- Task goal -
Word for word, retype the lines from the one containing "Season: NotSpecified" to the one containing "human: [hr_rgb_0.5]" below, keeping both end lines and dropping the pictures.

*** Material provided ***

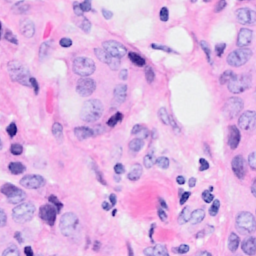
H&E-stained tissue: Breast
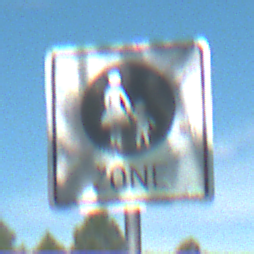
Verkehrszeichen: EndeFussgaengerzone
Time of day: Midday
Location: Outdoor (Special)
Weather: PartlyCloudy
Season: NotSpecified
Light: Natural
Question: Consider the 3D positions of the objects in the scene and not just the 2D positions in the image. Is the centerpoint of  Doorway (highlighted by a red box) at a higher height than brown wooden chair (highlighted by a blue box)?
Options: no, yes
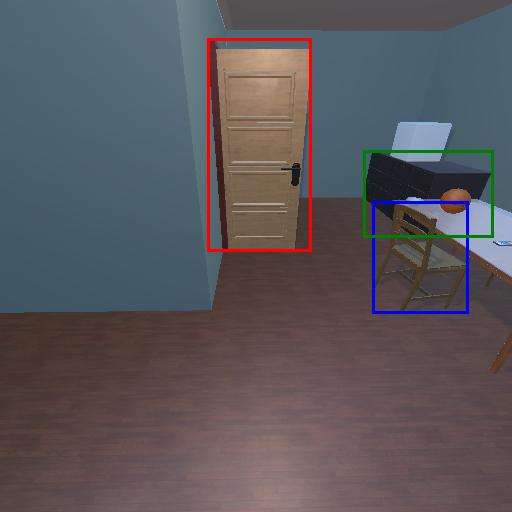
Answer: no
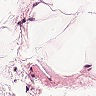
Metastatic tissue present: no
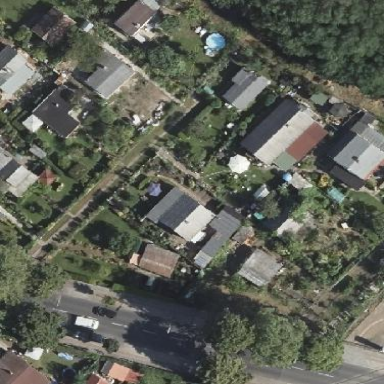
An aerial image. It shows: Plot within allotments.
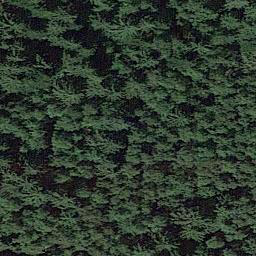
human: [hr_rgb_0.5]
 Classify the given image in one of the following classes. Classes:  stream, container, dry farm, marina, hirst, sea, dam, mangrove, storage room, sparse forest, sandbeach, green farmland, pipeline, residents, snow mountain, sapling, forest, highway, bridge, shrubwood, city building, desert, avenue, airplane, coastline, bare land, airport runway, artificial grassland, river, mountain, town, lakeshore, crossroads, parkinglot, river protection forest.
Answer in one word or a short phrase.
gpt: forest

*** End of Material provided ***

- Answer for the task -
Season: NotSpecified
Light: Natural
Question: Consider the 3D positions of the objects in the scene and not just the 2D positions in the image. Is the centerpoint of  Doorway (highlighted by a red box) at a higher height than brown wooden chair (highlighted by a blue box)?
Options: no, yes
Answer: no
Metastatic tissue present: no
An aerial image. It shows: Plot within allotments.
human: [hr_rgb_0.5]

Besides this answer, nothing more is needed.